Un pas historique vers la justice en Gambie
Mercredi dernier, la justice gambienne a franchi une étape que beaucoup n’osaient plus espérer. Sanna Manjang, arrêté au Sénégal lors d’une opération conjointe, puis extradé, a été officiellement inculpé pour deux meurtres : celui de Deyda Hydara en 2004 et celui de l’homme d’affaires Ndongo Mboob en 2006. Le document d’accusation est sans ambiguïté : il est accusé d’avoir « causé leur mort « en leur tirant dessus avec une arme ».

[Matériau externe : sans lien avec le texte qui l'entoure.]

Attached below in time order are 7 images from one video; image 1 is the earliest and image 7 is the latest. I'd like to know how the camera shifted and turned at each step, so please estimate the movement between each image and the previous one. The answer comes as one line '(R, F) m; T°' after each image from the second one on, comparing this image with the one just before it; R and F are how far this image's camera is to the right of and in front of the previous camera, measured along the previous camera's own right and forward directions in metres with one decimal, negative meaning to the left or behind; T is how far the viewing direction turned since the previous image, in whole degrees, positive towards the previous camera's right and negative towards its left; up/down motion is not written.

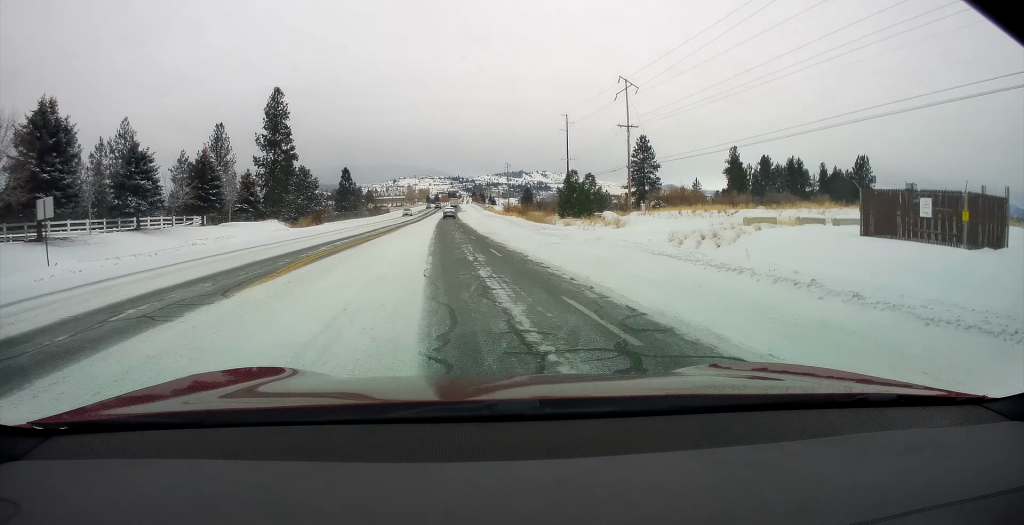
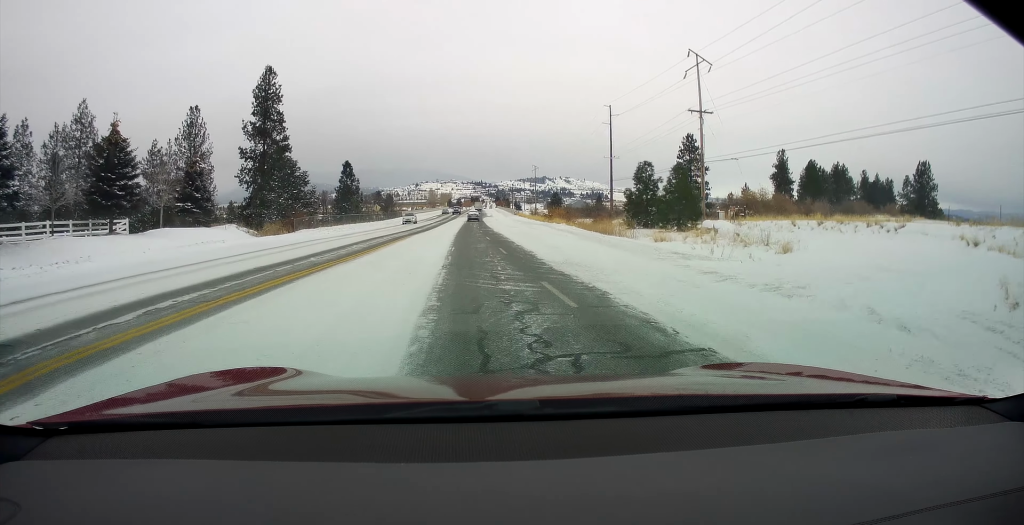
(-0.3, +18.8) m; 0°
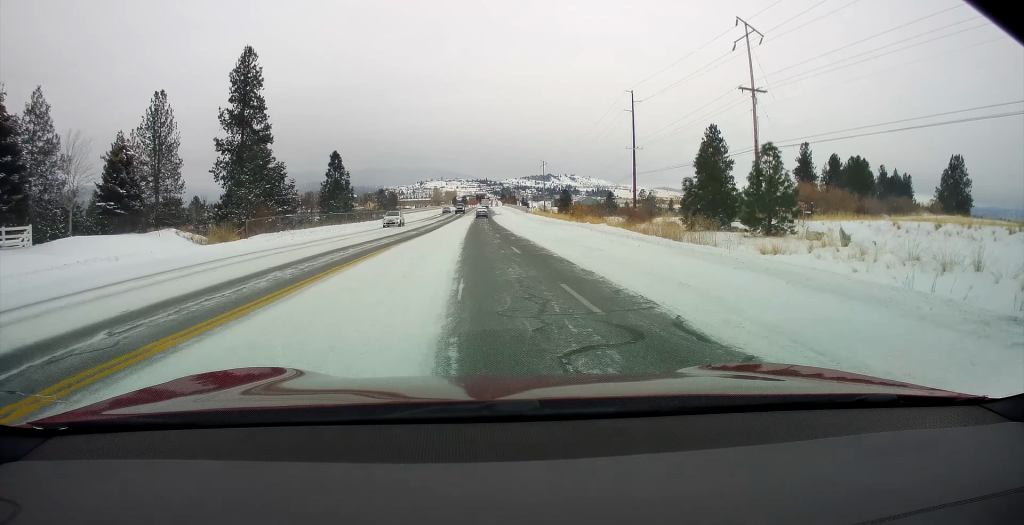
(+0.3, +11.9) m; -1°
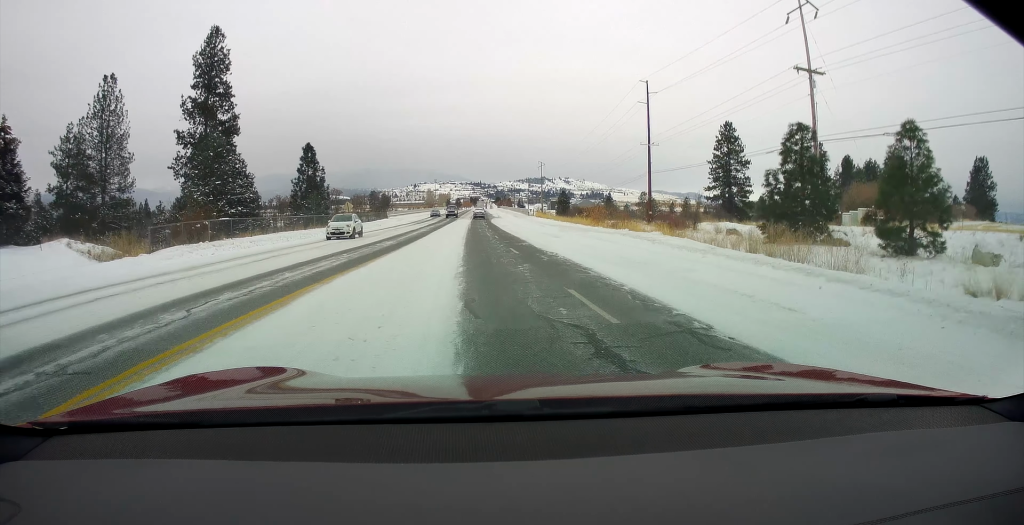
(-0.5, +11.3) m; -2°
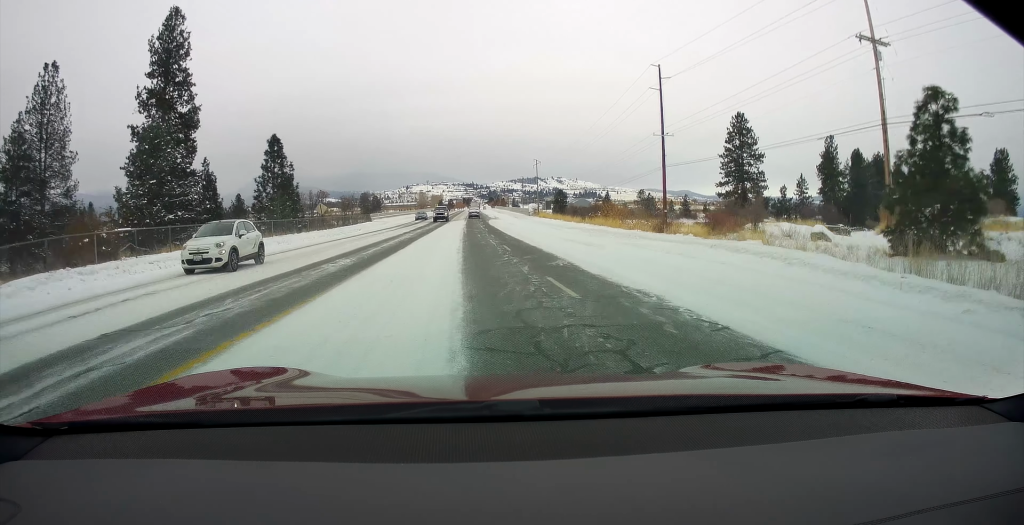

Cette inculpation n’est pas un fait divers judiciaire. Elle est le premier acte concret d’une longue traque des criminels du régime Jammeh, ce président qui régna par la terreur de 1994 à 2017 sur ce petit pays enclavé dans le Sénégal.
Qui était Deyda Hydara ?
Deyda Hydara n’était pas seulement un correspondant de presse. Il était une institution. Arrivé à l’AFP en 1974 comme traducteur, il était devenu au fil des décennies le visage du journalisme indépendant en Gambie. Cofondateur du quotidien The Point, il dénonçait sans relâche la corruption, les dérives autoritaires et surtout les atteintes répétées à la liberté de la presse.
Quelques jours avant son assassinat, il avait publié un éditorial cinglant contre une nouvelle loi liberticide sur les médias. Beaucoup y ont vu le mobile direct de son exécution.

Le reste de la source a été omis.